The London Perl and Raku Workshop takes place on 26th Oct 2024. If your company depends on Perl, please consider sponsoring and/or attending.

NAME

cwb-align-export - Export existing sentence alignment from a CWB corpus

SYNOPSIS

  cwb-align-export [options] <SOURCE> <TARGET> <grid> <keyspec>

  <SOURCE>    CWB name of source corpus
  <TARGET>    CWB name of target corpus
  <grid>      s-attribute containing the alignment grid (usually "s")
  <keyspec>   pattern used to construct unique IDs for grid regions

Options:

  -r <dir>, --registry=<dir>    use registry directory <dir>
  -o <file>, --output=<file>    write output to <file>
  -nh, --no-header              write alignment file without header
  -f, --force                   skip alignment beads with errors rather than stopping
  -v, --verbose                 show progress messages during processing
  -h, --help                    display short help page

DESCRIPTION

This script exports an encoded sentence-level alignment between two CWB corpora (SOURCE and TARGET) as a text file compatible with cwb-align-import. In the output, alignment beads are specified by (sets of) unique sentence IDs in the source and target corpus. Unique IDs are computed from one or more s-attributes according to the pattern keyspec. Alignments at other granularities (such as paragraph or clause) are also supported; the corresponding s-attribute is specified by the command-line argument grid.

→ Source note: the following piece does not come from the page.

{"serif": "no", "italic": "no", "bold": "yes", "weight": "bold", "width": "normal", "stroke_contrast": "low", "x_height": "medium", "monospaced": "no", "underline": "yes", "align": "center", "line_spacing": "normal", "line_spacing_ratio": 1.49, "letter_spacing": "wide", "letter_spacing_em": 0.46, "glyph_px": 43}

It is recommended to read the cwb-align-import manpage first, in order to get a better understanding of the export file format and its correspondence to a CWB alignment attribute. An illustrative example can be found in the CWB Corpus Encoding Tutorial.

ARGUMENTS

SOURCE

CWB corpus ID of the source language corpus.

TARGET

CWB corpus ID of the target language corpus.

grid

CWB attribute representing the alignment grid, i.e. each alignment bead links n consecutive grid regions in the source language to m consecutive grid regions in the target language. It is an error if the start or end of an alignment bead region doesn't match a corresponding grid boundary.

For the most common case of sentence alignment, grid will usually be set to s. Note that the same grid attribute is used for both source and target language corpus.

keyspec

Pattern used to construct unique sentence IDs (both in the source and target corpus). If sentences are directly annotated with IDs, say in the s-attribute s_id, you can simply specify {s_id} or {id} for short (the name of the grid attribute is automatically prepended). Note the curly braces around the attribute name!

In more complex situations, keyspec is an arbitrary character string that interpolates s-attributes enclosed in curly braces. For example, if paragraphs and sentences are numbered (s-attributes p_num and s_num), you can construct IDs of the form id_p4_s2 (second sentence in fourth paragraph) with the pattern id_p{p_num}_s{s_num}.

OPTIONS

--registry=dir, -r dir

Locate corpora in CWB registry directory dir, overriding the default directory and the environment variable CORPUS_REGISTRY.

--output=file, -o file

Write export data to file rather than standard output. Files with extension .gz or .bz2 are compressed automatically.

--no-header, -nh

Write alignment file without the optional header line (see "EXPORT FILE FORMAT" below).

--force, -f

Ignore errors and continue exporting. If the start or end point of an alignment bead doesn't match grid boundaries, the bead will be skipped with an error message.

--verbose, -v

Verbose mode (shows progress messages during processing).

--help, -h

Show usage and options summary.

EXPORT FILE FORMAT

The exported alignment file starts with an optional header line specifying the CWB names of source and target corpus, the s-attribute containing sentence regions (or other regions used as an alignment grid), and the key pattern for constructing unique sentence IDs. The four items are separated by TAB characters. Specify --no-header) to omit the header line from the export file.

Each of the remaining lines in the export file corresponds to a single alignment bead. It consists of the ID of a sentence in the source corpus (or multiple IDs separated by blanks), followed by a TAB character and the ID of the aligned sentence in the target corpus (or multiple IDs separated by blanks).

See the cwb-align-import manpage for a more detailed description of the file format and the specification of unique IDs.

COPYRIGHT

Copyright (C) 2007-2022 Stephanie Evert [https://purl.org/stephanie.evert]

This software is provided AS IS and the author makes no warranty as to its use and performance. You may use the software, redistribute and modify it under the same terms as Perl itself.